Personal information
- Date of birth: 1 November 1964 (age 61)
- Place of birth: Graz, Austria
- Height: 1.87 m (6 ft 2 in)
- Position: Goalkeeper

Youth career
- 0000–1981: Grazer Sportklub

Senior career*
- Years: Team / Apps / (Gls)
- 1981–1992: Sturm Graz / 76 / (1)
- 1992–1996: SV Wüstenrot Salzburg / 153 / (1)
- 1997–1999: Real Zaragoza / 25 / (0)
- 1999–2001: DSV Leoben / 10 / (0)
- 1999–2000: → Grazer AK (loan) / 0 / (0)
- 2001–2003: PSV Salzburg

International career
- 1989–1995: Austria / 12 / (0)

Managerial career
- 2005–2006: Austria (goalkeeper coach)
- 2006–: Austria U21 (goalkeeper coach)

= Otto Konrad =

Austrian footballer

Otto Konrad (born 1 November 1964) is an Austrian former professional footballer who played as a goalkeeper.

==Club career==
Born in Graz, Konrad started his professional career with local outfit Sturm Graz, where he stayed 11 years before enjoying a successful period at Austria Salzburg.
 He played in both legs of the 1994 UEFA Cup Final which they lost to Inter Milan.

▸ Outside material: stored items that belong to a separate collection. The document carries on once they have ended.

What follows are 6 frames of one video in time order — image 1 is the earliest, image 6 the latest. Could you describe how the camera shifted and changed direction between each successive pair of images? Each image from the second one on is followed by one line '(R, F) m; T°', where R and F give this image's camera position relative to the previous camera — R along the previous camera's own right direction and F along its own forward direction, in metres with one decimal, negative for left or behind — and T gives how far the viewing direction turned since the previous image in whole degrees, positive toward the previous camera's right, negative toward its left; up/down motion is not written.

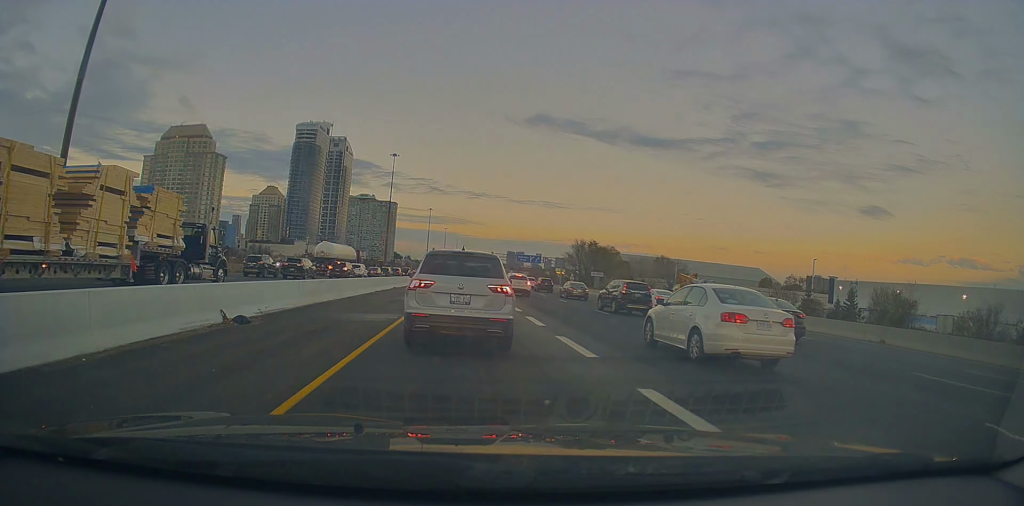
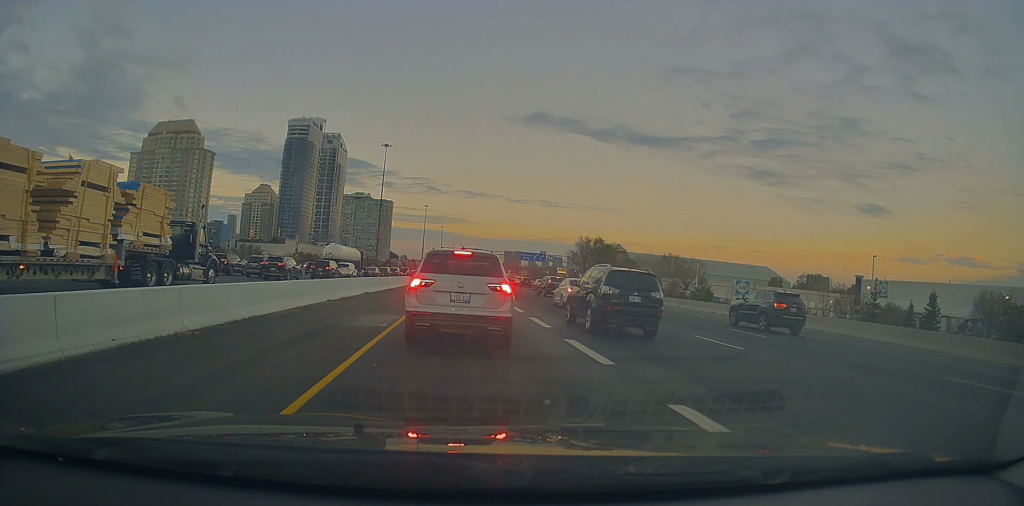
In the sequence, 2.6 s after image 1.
(+0.6, +13.2) m; -1°
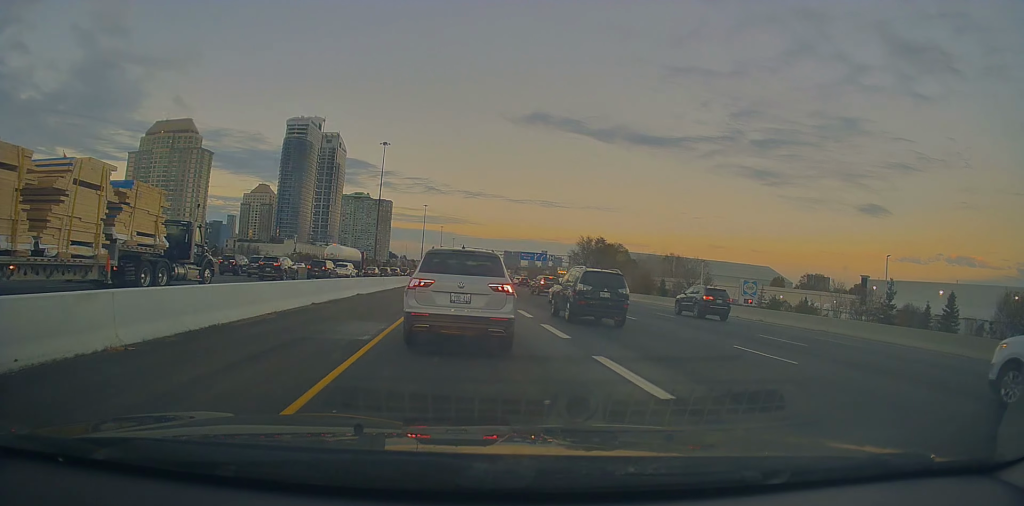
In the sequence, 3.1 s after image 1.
(-0.1, +2.4) m; -1°
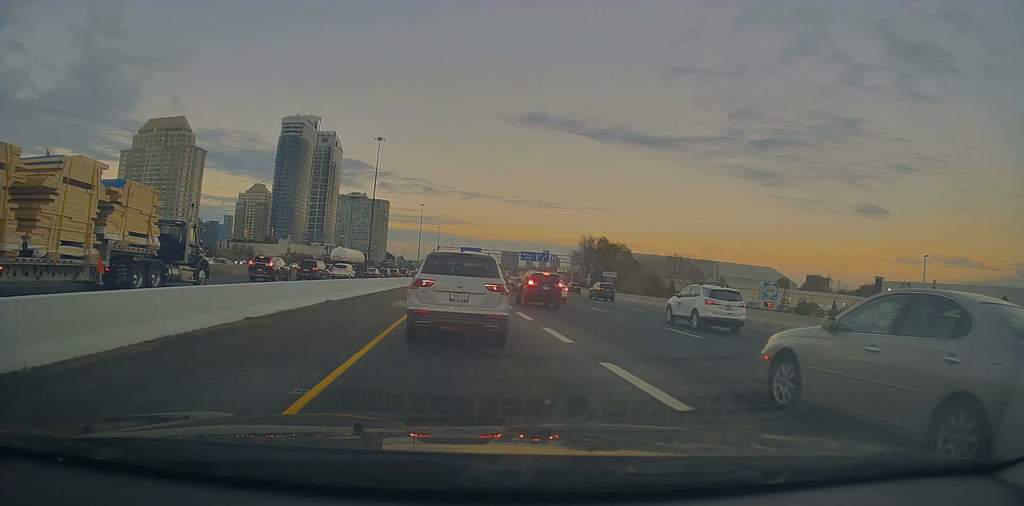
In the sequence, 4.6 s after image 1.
(+0.1, +6.8) m; +3°
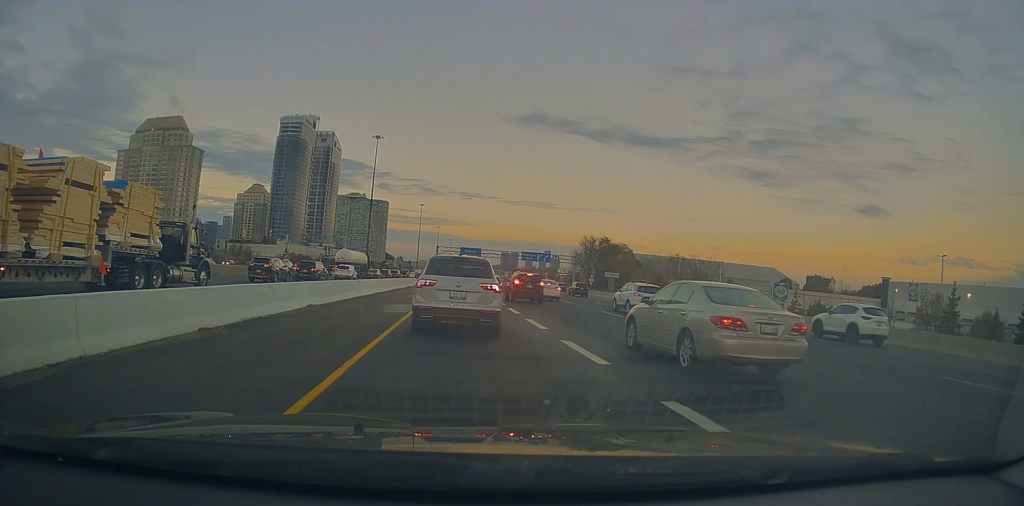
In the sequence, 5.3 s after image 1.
(+0.2, +3.0) m; -4°
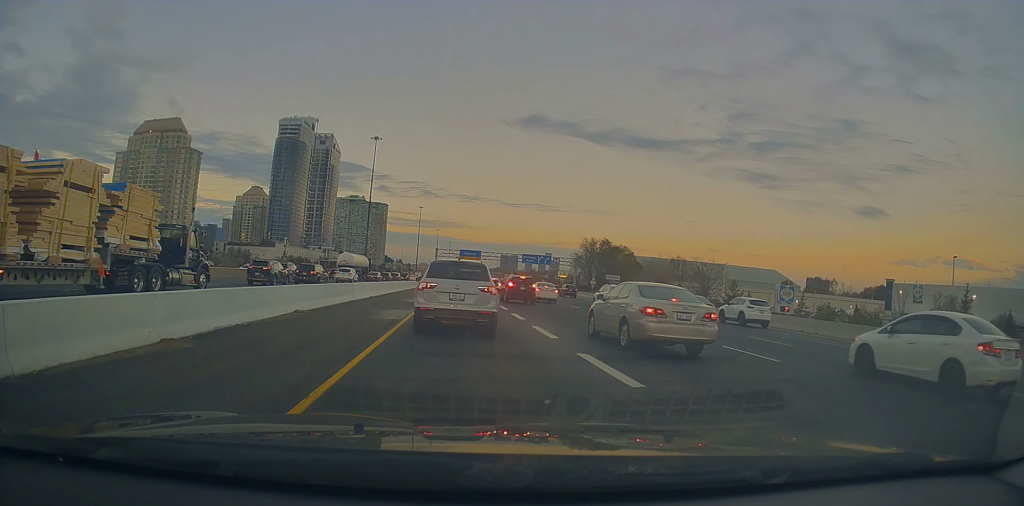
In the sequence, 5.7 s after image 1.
(-0.1, +1.9) m; 0°
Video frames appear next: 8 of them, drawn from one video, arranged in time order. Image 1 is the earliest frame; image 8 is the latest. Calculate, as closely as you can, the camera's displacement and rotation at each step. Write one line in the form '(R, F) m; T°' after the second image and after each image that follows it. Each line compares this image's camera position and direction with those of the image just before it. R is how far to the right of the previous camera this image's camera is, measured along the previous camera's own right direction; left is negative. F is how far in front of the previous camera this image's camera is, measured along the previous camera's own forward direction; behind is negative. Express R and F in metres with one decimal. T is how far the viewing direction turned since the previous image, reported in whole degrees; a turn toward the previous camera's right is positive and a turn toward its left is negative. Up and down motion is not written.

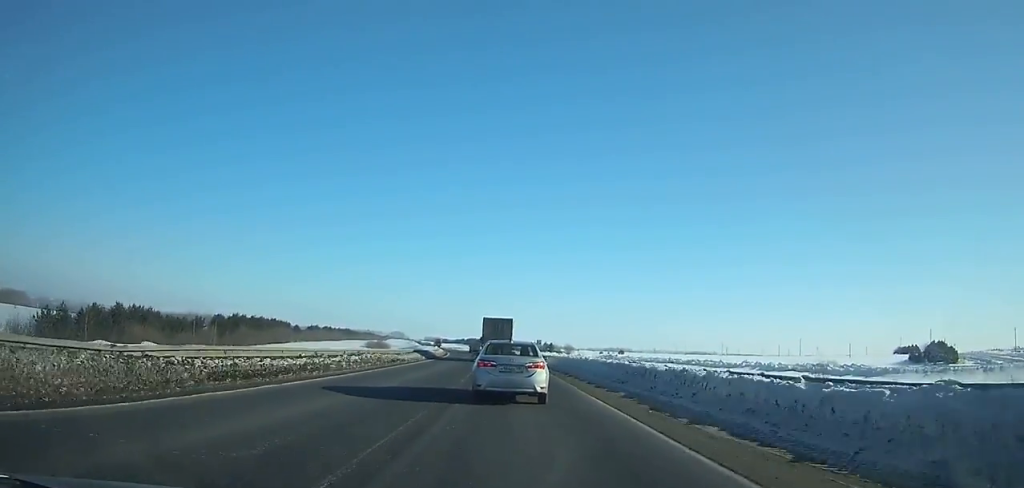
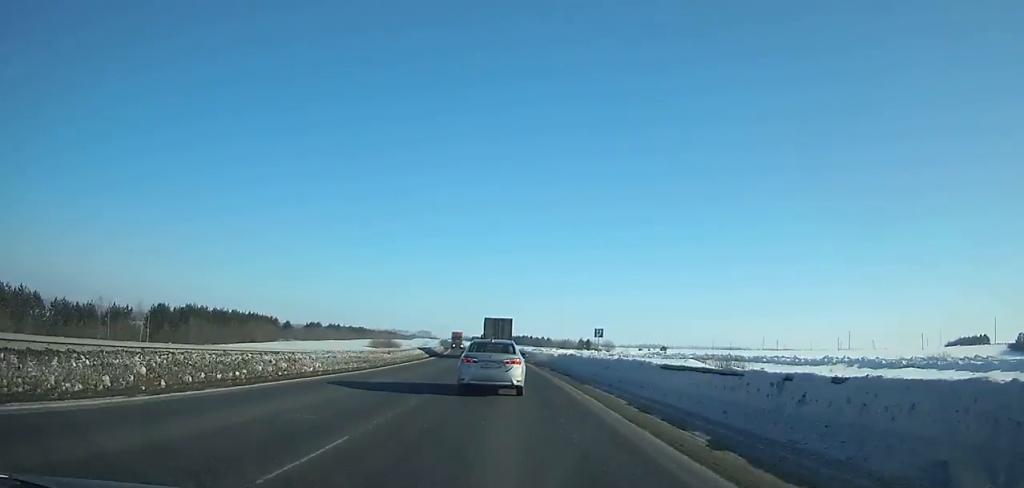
(-0.7, +42.5) m; -2°
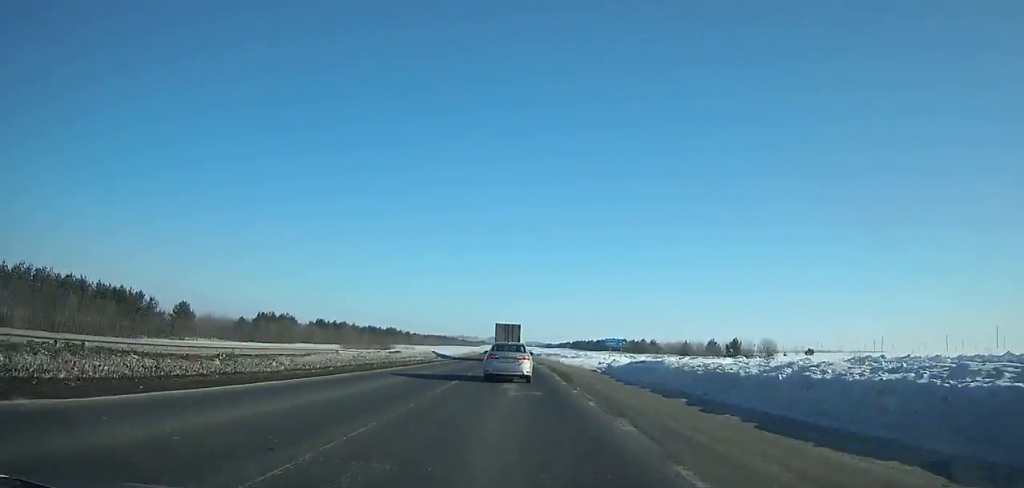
(-7.2, +114.9) m; -6°
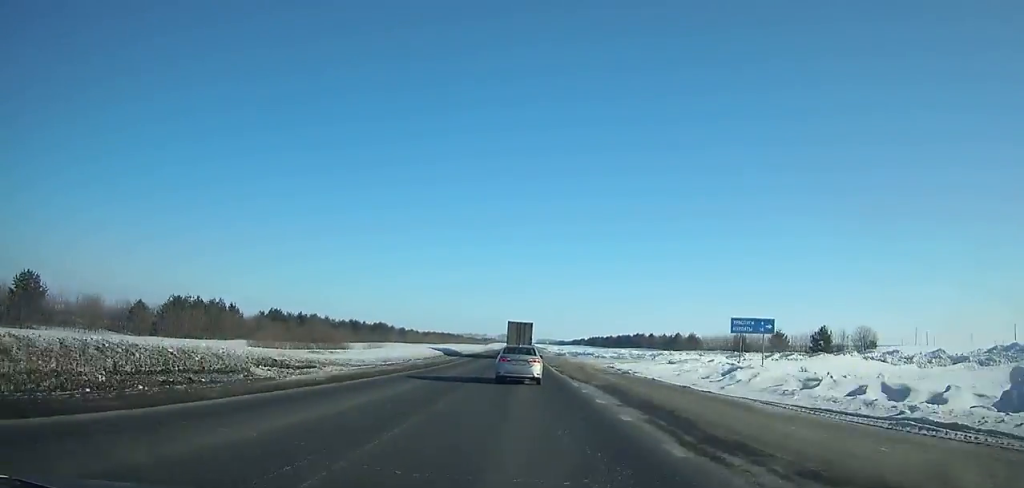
(-0.6, +46.6) m; 0°
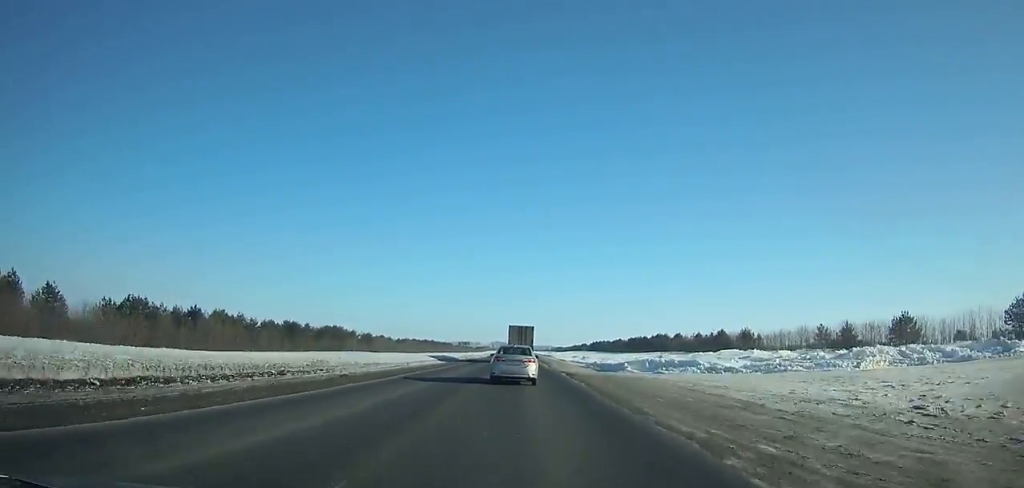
(+0.2, +58.3) m; 0°
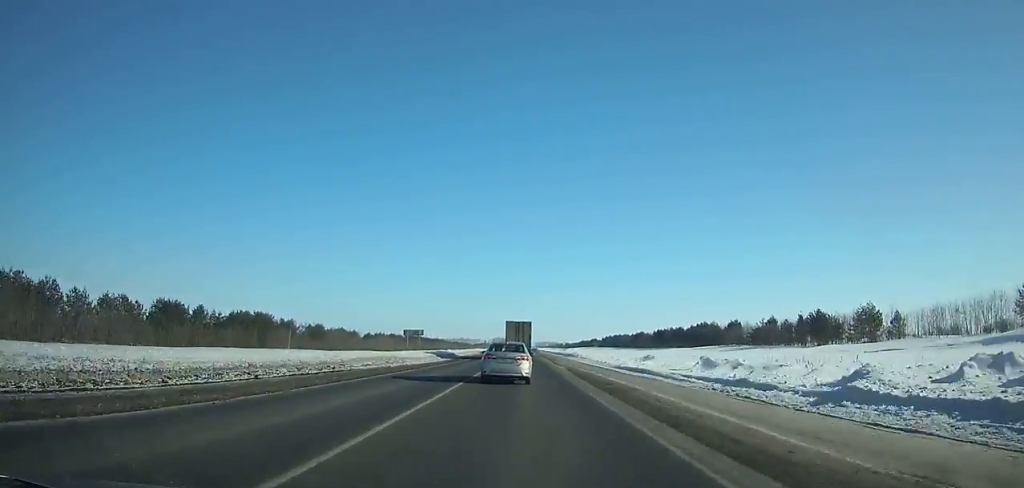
(+0.2, +61.3) m; 0°
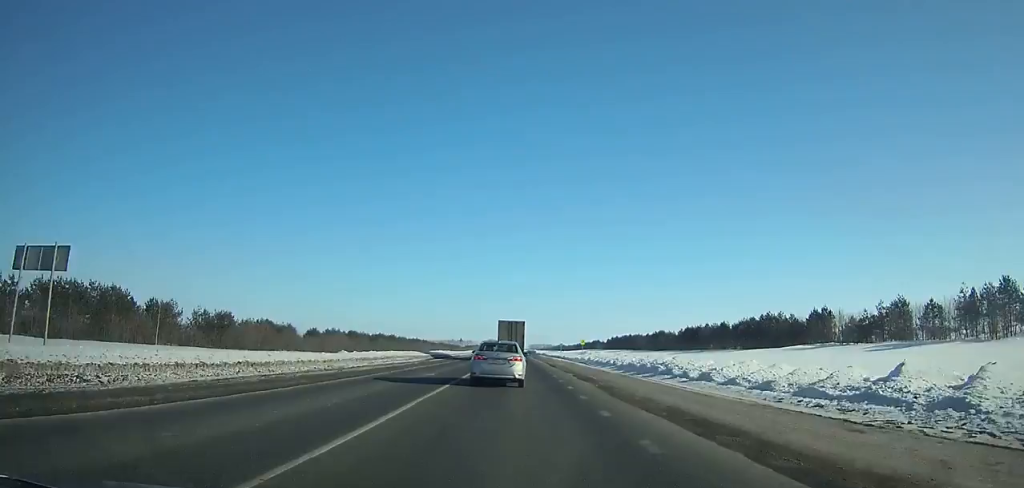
(0.0, +54.9) m; 0°
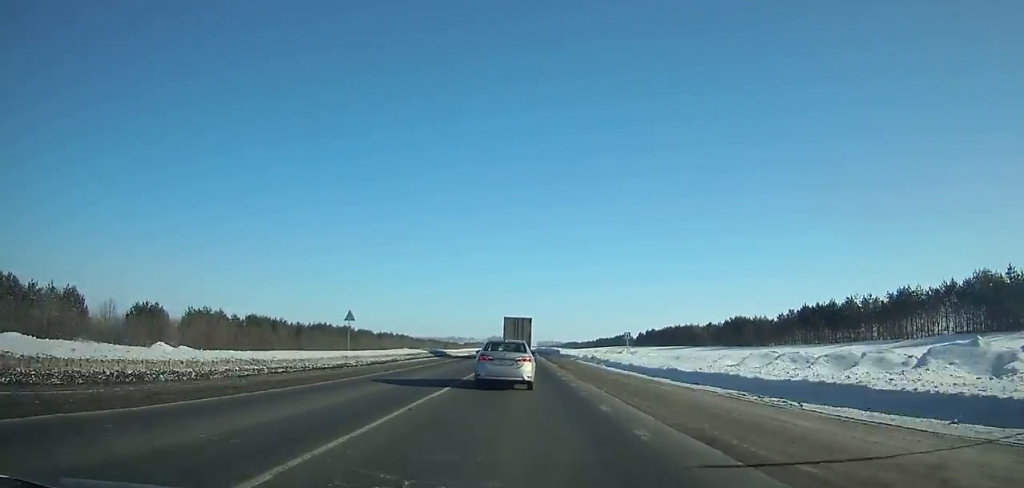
(0.0, +85.1) m; 0°

He scored a headed goal in the 1994–95 season against Stahl Linz. In 1995, he won the Römer Award in honour of his success.

In 1997, he joined Spanish side Real Zaragoza to become their first goalkeeper but he left them after only one and a half season to return to Austria.

==International career==
Konrad made his debut for Austria in a May 1989 friendly match against Norway and was a participant at the 1990 FIFA World Cup. He earned 12 caps. His last international was an August 1995 European Championship qualification match against Latvia.